Australian Healthcare Solutions offers the full spectrum of CRO and technical support services required to seamlessly run your device trial in Australia and New Zealand geographies.

Our CRO services

Our CRO and technical support service offering is flexible. We can partner with you to fully manage your clinical trial from beginning to end or we can customise a suite of services to meet your specific trial needs:

  • Project management
  • Key Opinion Leader and site identification
  • Preparation Ethics (HREC) submissions and amendments
  • Management regulatory requirements
  • Site initiation and training
  • Trial master file development and management
  • Clinical field support
  • Sponsorship facilitation
  • Monitoring
  • Subject recruitment
  • Study close out

Medtech specialists
Australian Healthcare Solutions (AHS) specialises in running medical technology trials. We work with medtech companies at any stage of their commercial journey. We are equipped to run small single site, first-in-human trials through to multi-centre sites within Australia and New Zealand. Similarly we are positioned to run the Australian arm of multi-national trials.

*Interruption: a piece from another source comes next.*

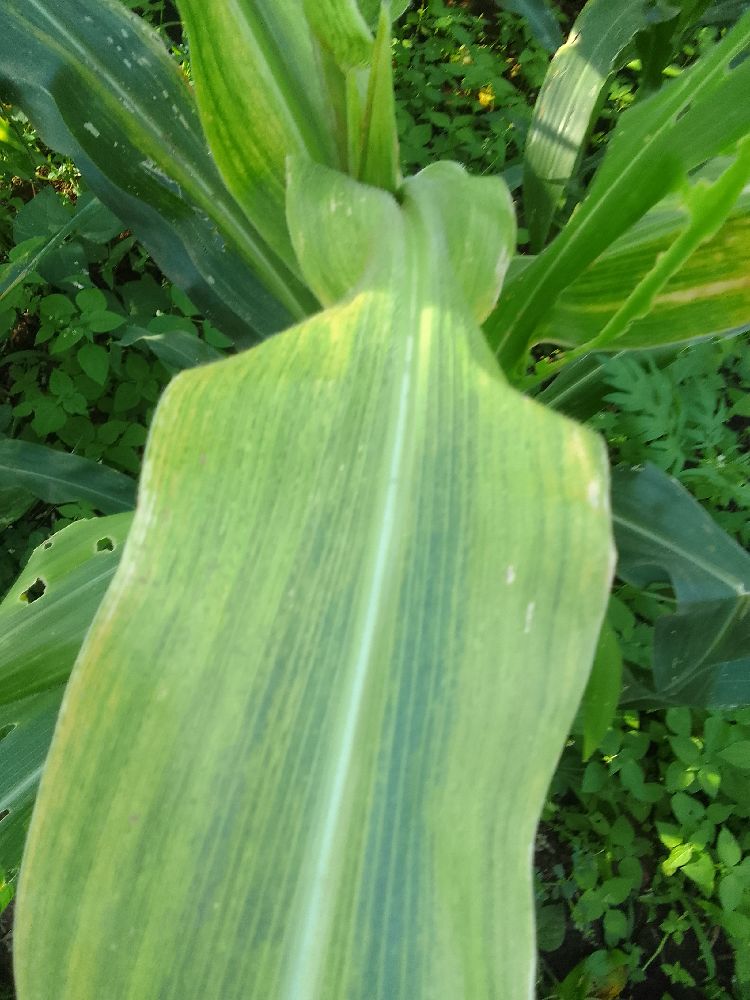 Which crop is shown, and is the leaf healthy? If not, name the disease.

maize, maize lethal necrosis
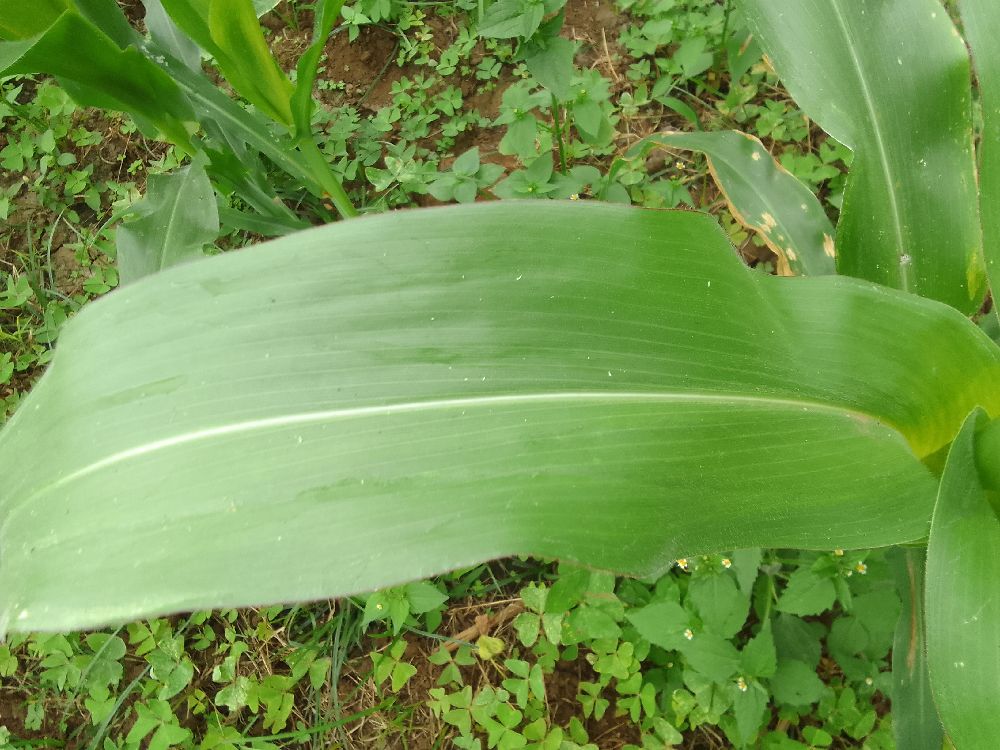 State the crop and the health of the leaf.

maize, healthy

We work with device technologies across a broad clinical spectrum with specific clinical expertise and relationships in Respiratory, Cardiology, Cardiothoracics and Interventional Radiology spheres.

Quality and efficiency
At AHS delivering quality is our priority. Our clinical research services are all built on and delivered according to Good Clinical Practice (GCP) principles and standards. Our team of project managers, monitors and clinical support staff all practice according to GCP standard.  They are experts in their fields with clinical experience matched to your technology.

At AHS we know that getting a technology to trial start up and ultimately to market as quickly as possible is a key goal. At AHS our understanding of the device trial landscape in Australia and New Zealand coupled with the strength and depth of our relationships with physicians and trial sites and our familiarity with local HREC requirements enable us to efficiently navigate and manage trial processes.